Survey Data

Reg No

50070174


Rating

Regional


Categories of Special Interest

Architectural, Historical, Social


Previous Name

Royal Barracks


Original Use

Officer's house


In Use As

Office


Date

1890 - 1910


Coordinates

314077, 234587


Date Recorded

14/11/2012


Date Updated

--/--/--


Description

Pair of detached four-bay two-storey former officers' houses, built c.1900, having gabled end-bays to rear (north) elevation, recently renovated and now in use as offices and joined by central glass extension. M-profile hipped slate roofs, terracotta ridge tiles and finials, red brick chimneystacks, cast-iron rainwater goods. Half-dormer windows to front (south) elevations. Timber bargeboards to dormers. Red brick, laid in Flemish bond, to walls, cast-iron ventilation openings. Segmental-arched window openings with red brick voussoirs, granite sills and timber sash windows: eight-over-eight pane to front, one-over-one pane to side (east and west) elevations, six-over-six pane and four-over-four pane to rear.
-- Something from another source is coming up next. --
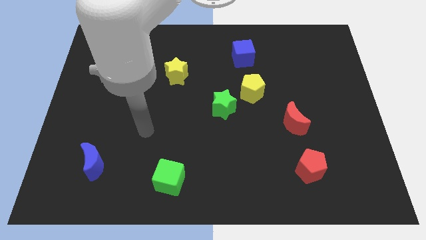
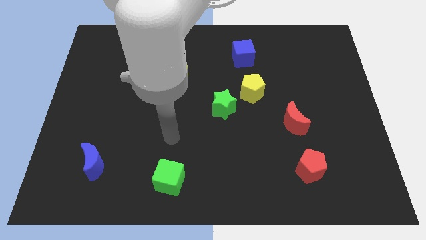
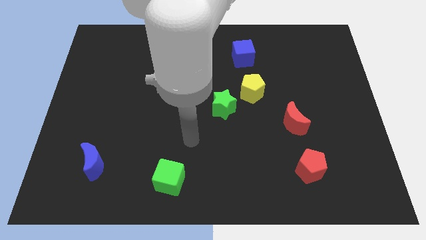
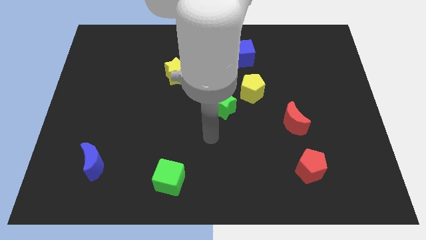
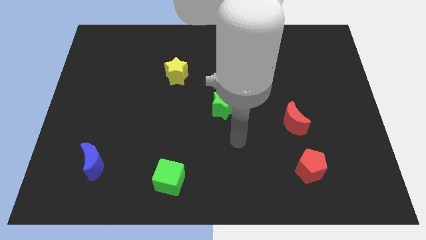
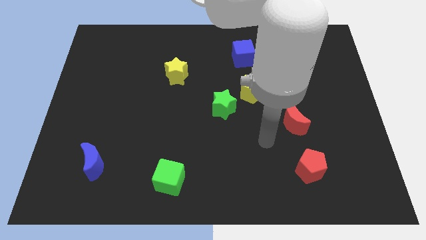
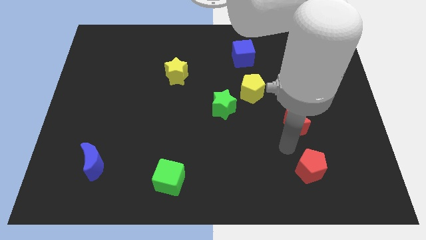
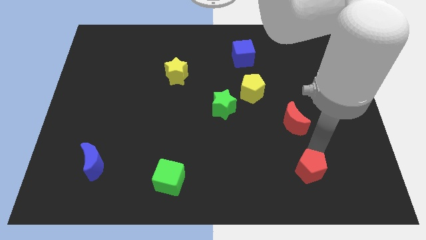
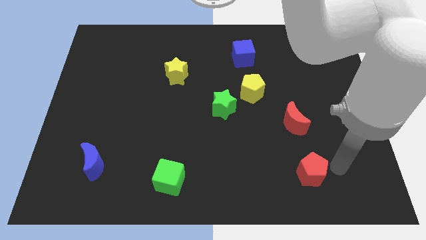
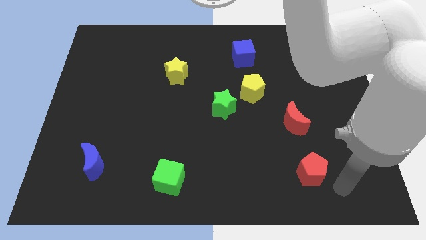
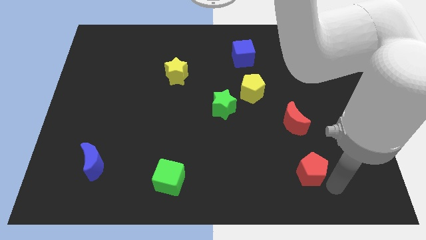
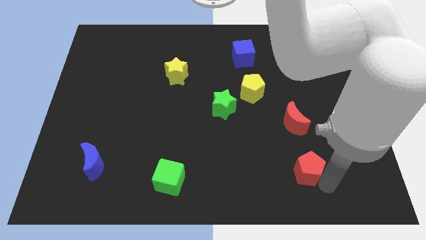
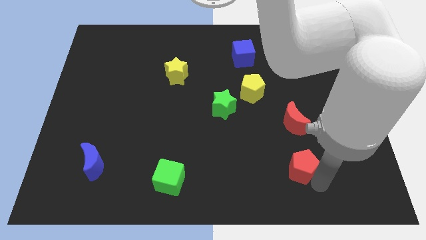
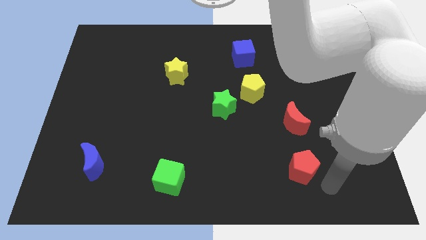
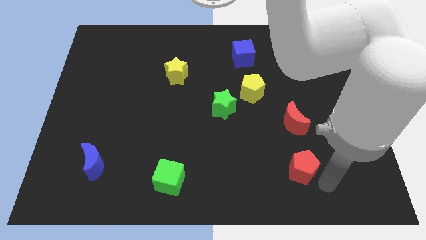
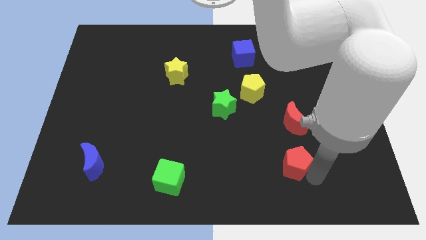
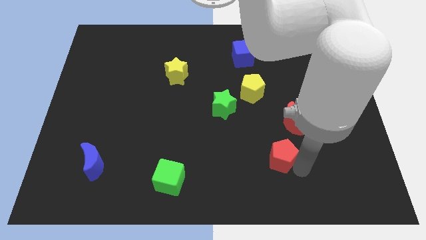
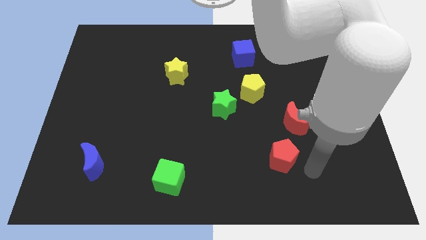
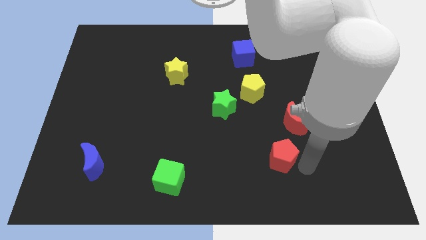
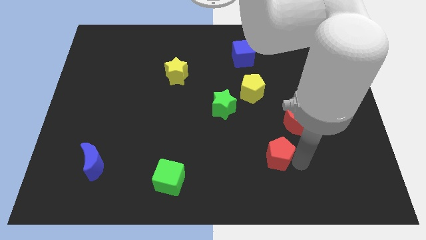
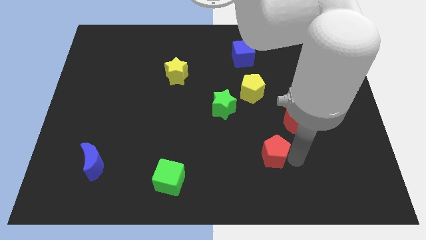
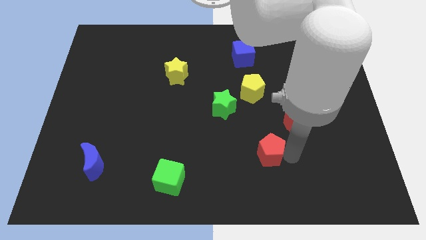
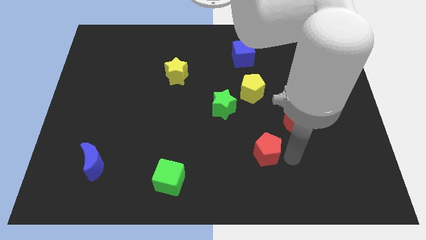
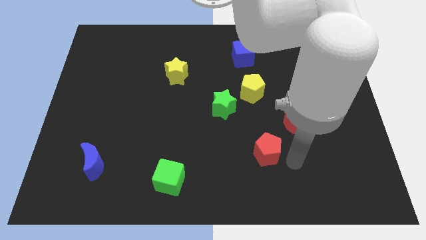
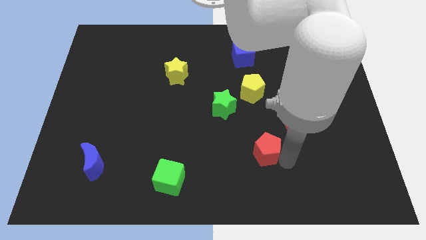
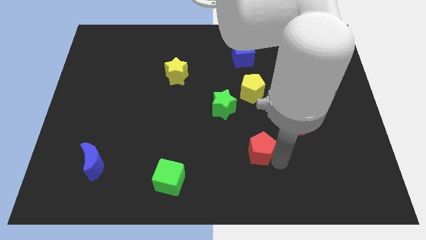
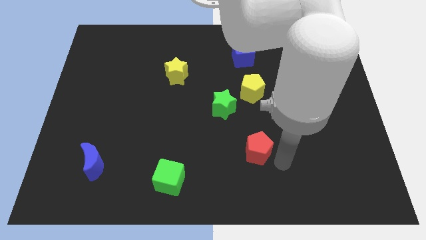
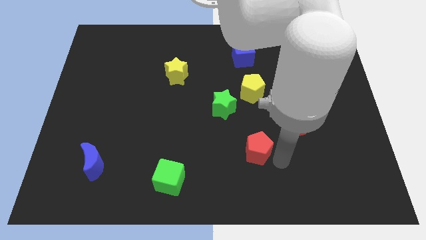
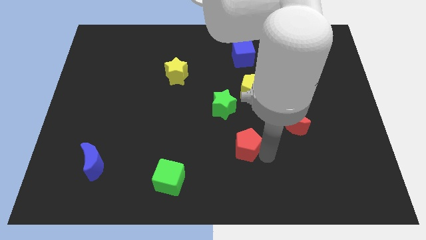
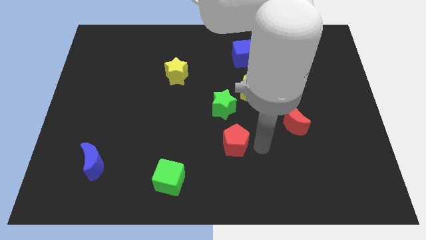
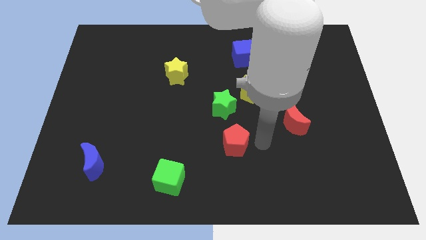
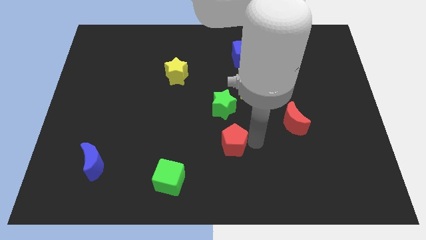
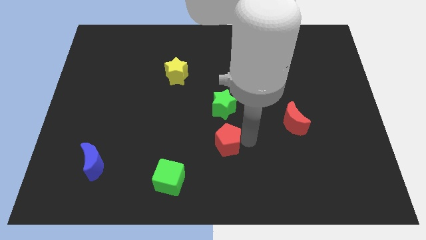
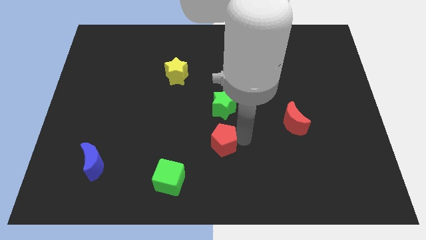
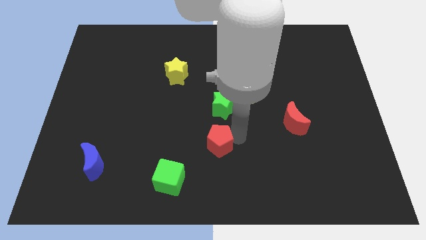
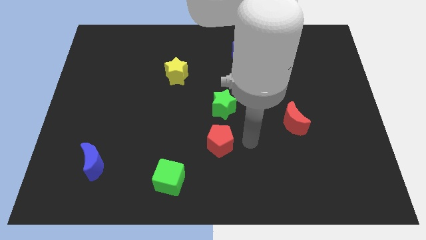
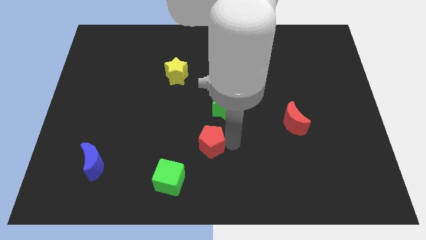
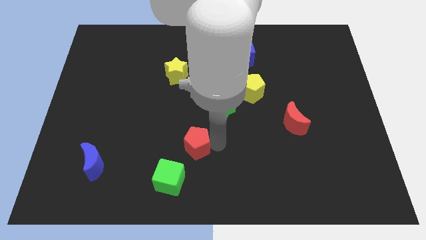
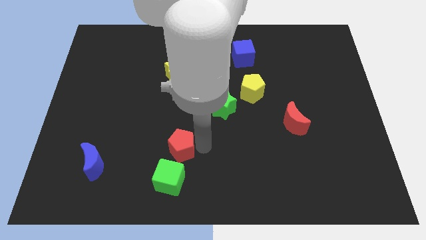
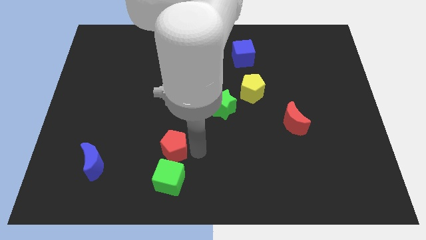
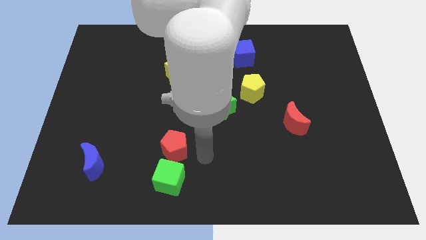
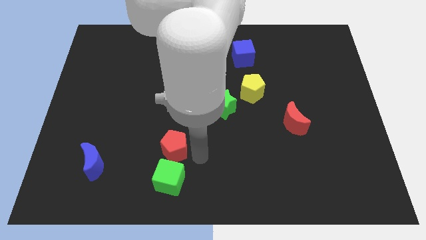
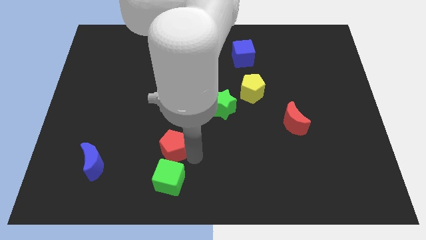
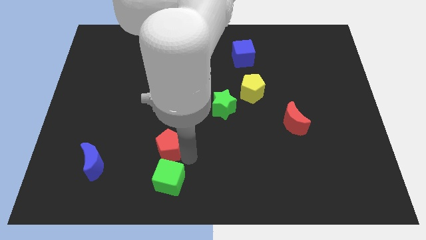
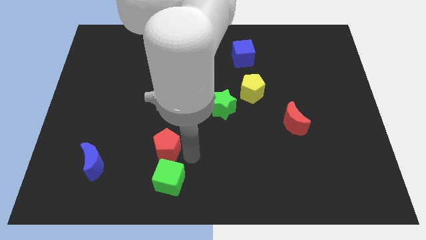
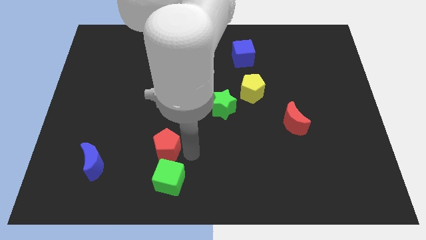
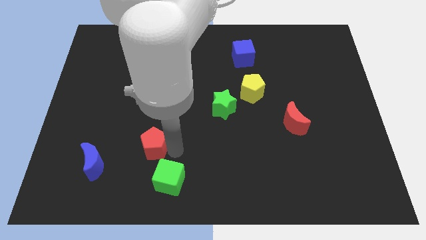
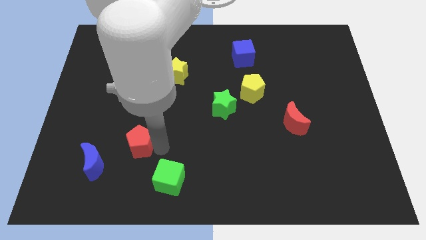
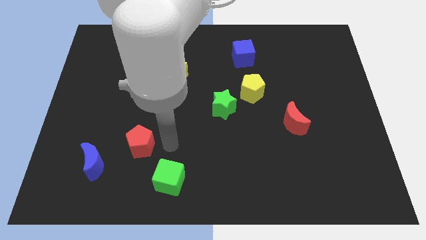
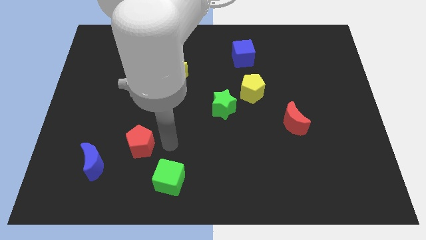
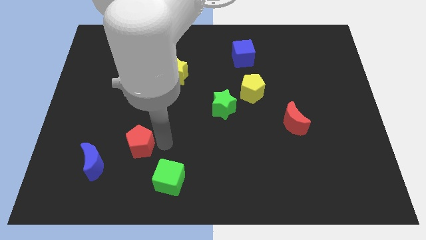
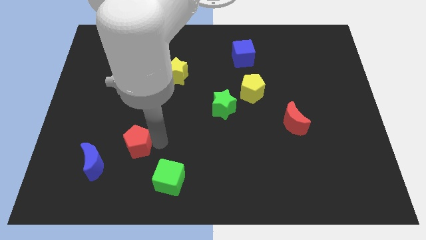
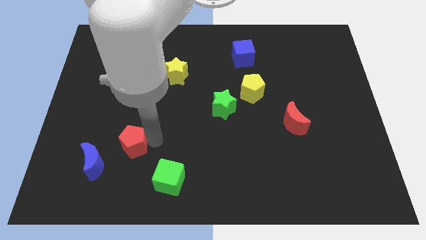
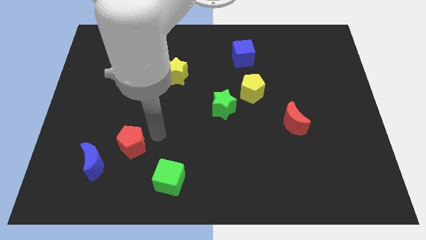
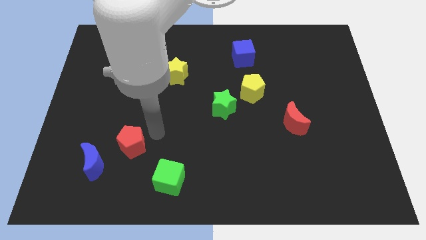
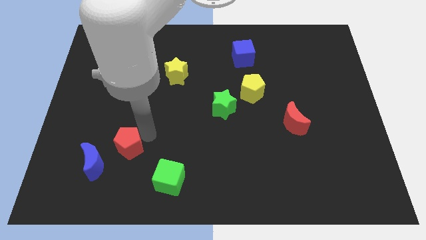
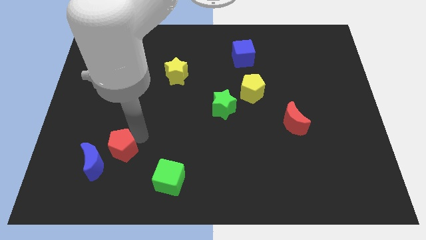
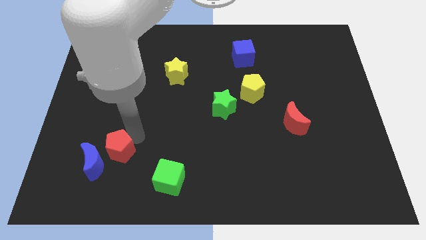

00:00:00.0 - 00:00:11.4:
slide the red pentagon towards the blue moon

Four-over-four pane single sidelight to each door to front. Segmental-arched door openings to front, red brick voussoirs, half-glazed timber panelled doors, timber canopy having timber consoles and dentillated cornice over. Cast-iron bootscrapes to front of doors.

Appraisal

The construction of the Royal Barracks was initiated by the 2nd Duke of Ormonde at the close of the seventeenth century, and was funded by a tax on tobacco and beer. Such a large scale residential barracks was an entirely new concept, and until the departure of the Irish Army from the site in the twenty-first century, it was considered the largest and oldest occupied barracks in Europe. This pair of houses provides considerable variation to the architectural tone of the complex, constructed in red brick in contrast to the predominant calp limestone. They were constructed to provide accommodation for the barracks chaplain and doctor, and were of some social significance in the life of the barracks as a consequence. Recently restored, they retain much of their form and character.